Cette expédition n’est pas seulement une quête de savoir, elle est aussi le reflet d’un orientalisme où l’Europe s’approprie le passé de l’Orient. Renan arrive avec des préjugés raciaux et culturels marqués, distinguant les « sémites purs » (monothéistes) des Phéniciens qu’il juge « impurs », polythéistes et trop portés sur le commerce et l’imitation.
Une méthodologie entre rigueur allemande et intuition romantique
Corinne Bonnet souligne la méticulosité surprenante de Renan dans la conduite de ses travaux. Bien que la stratigraphie moderne n’existe pas encore, il décrit les monuments, les matériaux et les inscriptions avec une précision technique remarquable. Il se veut l’élève de la science allemande, collaborant étroitement avec des figures comme l’épigraphiste Theodor Mommsen.

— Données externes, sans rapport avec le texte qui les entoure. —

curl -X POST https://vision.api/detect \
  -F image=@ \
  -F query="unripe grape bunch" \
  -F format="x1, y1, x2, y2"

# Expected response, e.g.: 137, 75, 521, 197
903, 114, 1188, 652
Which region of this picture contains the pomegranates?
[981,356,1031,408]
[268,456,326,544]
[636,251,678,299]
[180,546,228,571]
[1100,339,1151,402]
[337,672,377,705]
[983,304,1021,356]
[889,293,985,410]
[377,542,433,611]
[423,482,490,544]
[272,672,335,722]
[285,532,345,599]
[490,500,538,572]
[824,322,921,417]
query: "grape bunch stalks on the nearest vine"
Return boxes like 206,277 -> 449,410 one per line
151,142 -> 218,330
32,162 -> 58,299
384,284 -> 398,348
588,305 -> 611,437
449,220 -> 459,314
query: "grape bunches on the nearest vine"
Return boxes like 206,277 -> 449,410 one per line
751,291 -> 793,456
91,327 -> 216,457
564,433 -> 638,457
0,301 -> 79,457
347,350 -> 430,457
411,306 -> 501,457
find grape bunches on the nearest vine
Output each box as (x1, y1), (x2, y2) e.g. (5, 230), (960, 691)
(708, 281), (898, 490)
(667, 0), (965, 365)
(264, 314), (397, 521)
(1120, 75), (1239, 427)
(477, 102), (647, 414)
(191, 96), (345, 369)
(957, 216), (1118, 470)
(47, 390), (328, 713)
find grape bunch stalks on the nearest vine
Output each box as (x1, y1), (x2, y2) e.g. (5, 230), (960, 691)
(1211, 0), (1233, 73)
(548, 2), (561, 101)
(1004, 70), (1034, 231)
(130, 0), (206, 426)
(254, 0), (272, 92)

Pourtant, cette rigueur cohabite avec une sensibilité exacerbée. Renan cherche dans le paysage des échos du passé. Pour lui, le terrain n’est pas qu’un objet d’étude, c’est une source d’empathie. Il parle de son séjour comme d’un contact « intime » avec l’antiquité.
Cette approche le conduit à des envolées lyriques où il croit voir, dans les montagnes du Liban, les traces encore fraîches de la lutte entre le paganisme expirant et le christianisme naissant. Le paysage devient une archive vivante, capable de suppléer à la rareté des textes et des objets trouvés dans le sol.

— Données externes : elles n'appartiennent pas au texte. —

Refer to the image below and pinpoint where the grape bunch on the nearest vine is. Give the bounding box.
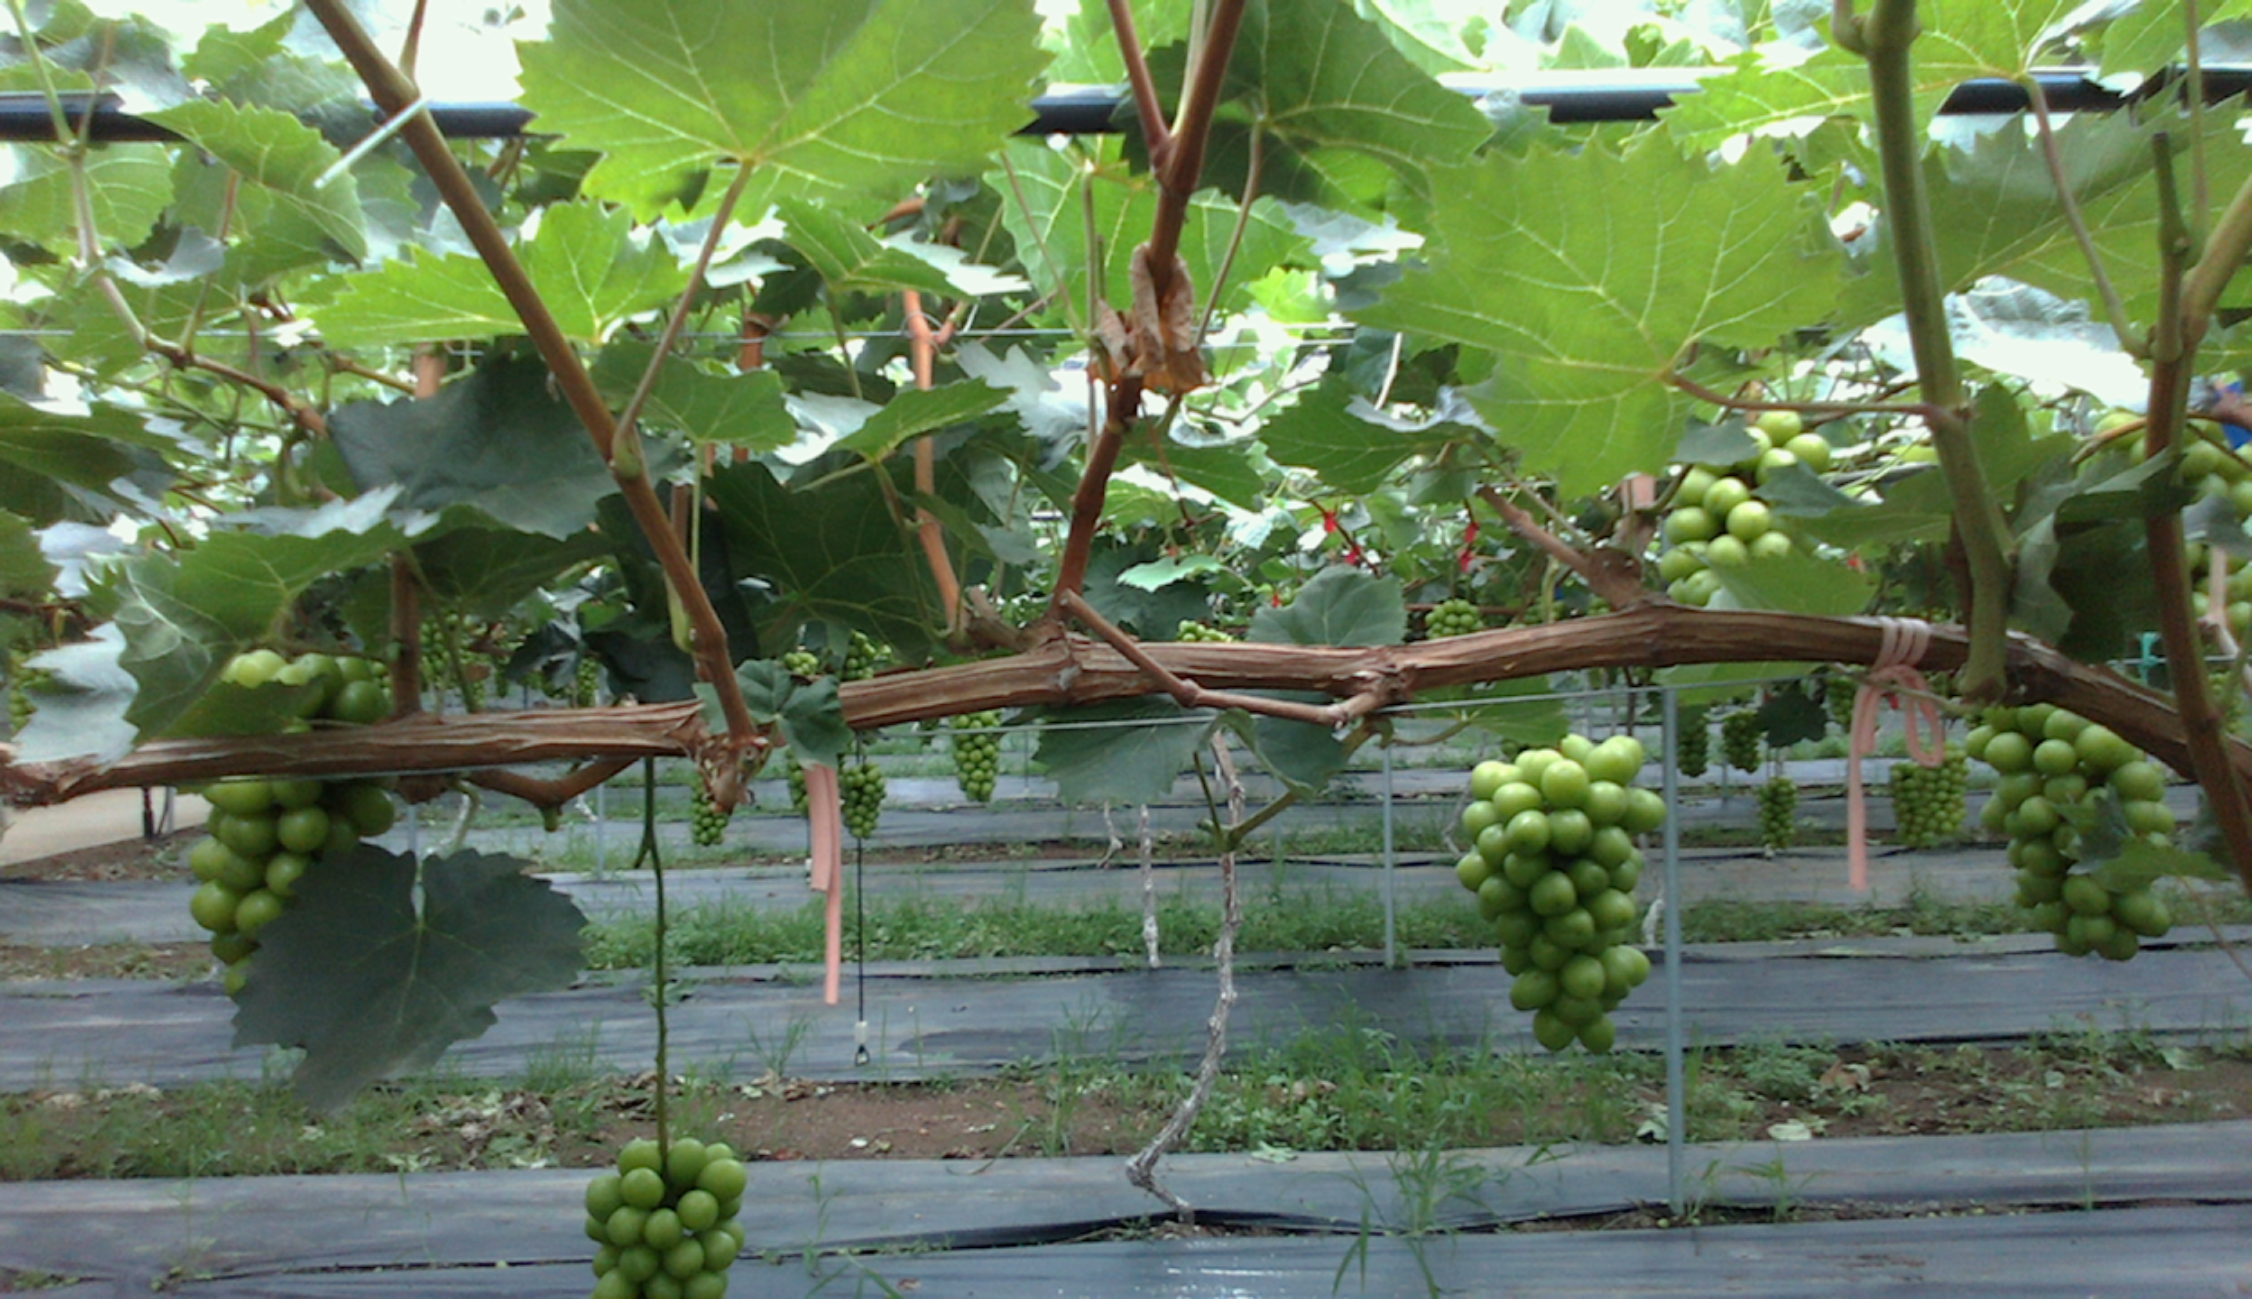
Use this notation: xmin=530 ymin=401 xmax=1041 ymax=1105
xmin=585 ymin=1138 xmax=747 ymax=1297
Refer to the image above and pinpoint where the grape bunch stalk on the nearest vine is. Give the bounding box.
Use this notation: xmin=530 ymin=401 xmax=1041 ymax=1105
xmin=632 ymin=756 xmax=669 ymax=1173

La Phénicie, un détour nécessaire vers la Vie de Jésus
Le point de bascule de la mission se situe lors du séjour de Renan en Palestine, d’avril à mai 1861. C’est là que l’intuition poétique prend le pas sur l’archéologie phénicienne. En contemplant les lieux bibliques, Renan a la conviction de lire un « cinquième évangile », lacéré par le temps mais encore visible.
C’est au retour de ce voyage, dans le calme de la montagne libanaise, qu’il rédige la Vie de Jésus. La Phénicie n’était finalement qu’une antichambre. Il délaisse progressivement les problèmes de l’art phénicien, qu’il finit par juger sans envergure, pour se concentrer sur ce qu’il appelle « l’âme de l’histoire ».
L’autorité de Renan devient alors prophétique. Il ne se contente plus de déchiffrer des inscriptions ; il prétend restituer l’état de la conscience chrétienne originelle. Cette dérive vers une méthode « divinatoire » culmine dans des moments de fusion émotionnelle avec son sujet, comme lorsqu’il s’évanouit en écrivant les pages sur l’agonie du Christ, au moment même où sa sœur Henriette succombe à la maladie.
L’héritage paradoxal d’un conservateur méconnu
En conclusion, la conférence invite à reconsidérer Renan non pas comme un simple rationaliste, mais comme un auteur aux états superposés. Son œuvre est une tentative de concilier le « miracle grec » de la raison et le « miracle juif » du monothéisme.
S’il a fondé les études phéniciennes en France par une impulsion vigoureuse, il a aussi contribué à enfermer cette culture dans une vision dépréciative par rapport au génie grec. Pour Renan, toute recherche scientifique doit ultimement se clore par un hymne à la Grèce, patrie de l’idéal et de l’absolu.
L’autorité de Renan, bien que contestée par ses successeurs comme Alfred Loisy pour sa timidité critique, demeure fascinante. Elle montre comment un savant du XIXe siècle a utilisé le voyage et l’archéologie pour construire une réflexion profonde sur le devenir de la religion dans un monde dominé par la science et la raison. Sa mission de Phénicie reste l’exemple type d’une science qui se veut à la fois érudite et capable de faire revivre les morts.